During the Challenge, it’s important to realign both mentally and physically by focusing on the core components of our health. By structuring a routine for ourselves and focusing on what we want to achieve in this Challenge, we can set ourselves up for success.
Key areas of focus: establishing a healthy eating routine, getting quality sleep, and removing external stressors from our daily life. By focusing on these three concepts, we are taking ownership and holding ourselves accountable to prioritizing our long-term goals. Nutrition, quality sleep, a positive mindset, and supportive social interactions provide the structure in our life that allows us to progress forward and adapt. Our body requires a strong framework to keep us healthy, which is why it’s so important to refocus and optimize our health as much as possible.

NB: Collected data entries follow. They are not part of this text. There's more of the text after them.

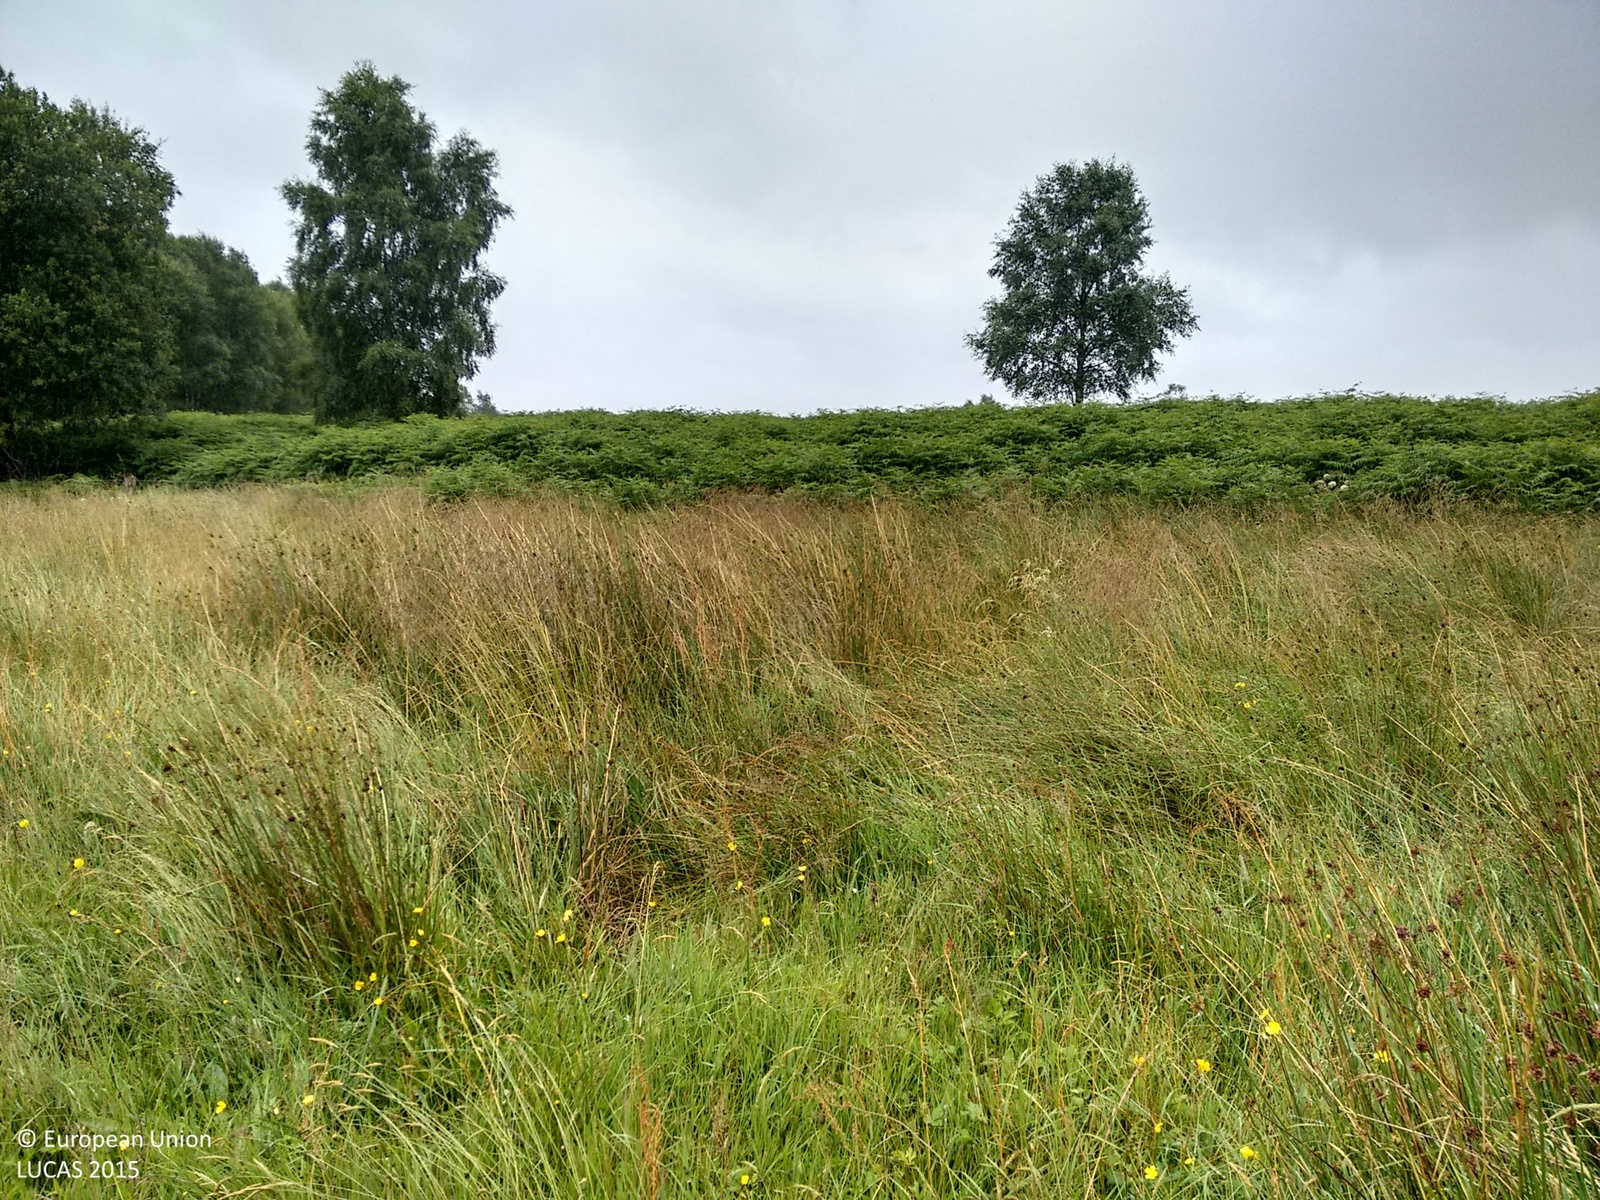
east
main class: Grassland
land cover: Grassland without tree/shrub cover
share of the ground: > 75 %
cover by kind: herbaceous plants 100 %
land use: Agriculture (excluding fallow land and kitchen gardens)
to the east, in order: Grassland without tree/shrub cover; Fences; Shrubland with sparse tree cover; Peatbogs; Rivers and streams; Peatbogs
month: July
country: IE
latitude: 53.8103
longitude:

Building Block #1: Healthy Eating Habits
The food we eat is our daily fuel, and we need nutrient-dense meals to effectively support our training. High-quality whole foods provide essential vitamins and minerals that your body needs to perform at a high intensity on a regular basis, as well as recover. Nutrition is what underpins the adaptations throughout a training program—without regular quality food consumption, it becomes extremely difficult for the body to both train consistently and develop lasting changes in body composition. For this reason, we recommend establishing a healthy eating schedule during this first week. Whether you are ordering Challenge Meals or following one of our Challenge meal plans (Mainstream, Vegan or Vegetarian), creating an eating routine will help you stay on track.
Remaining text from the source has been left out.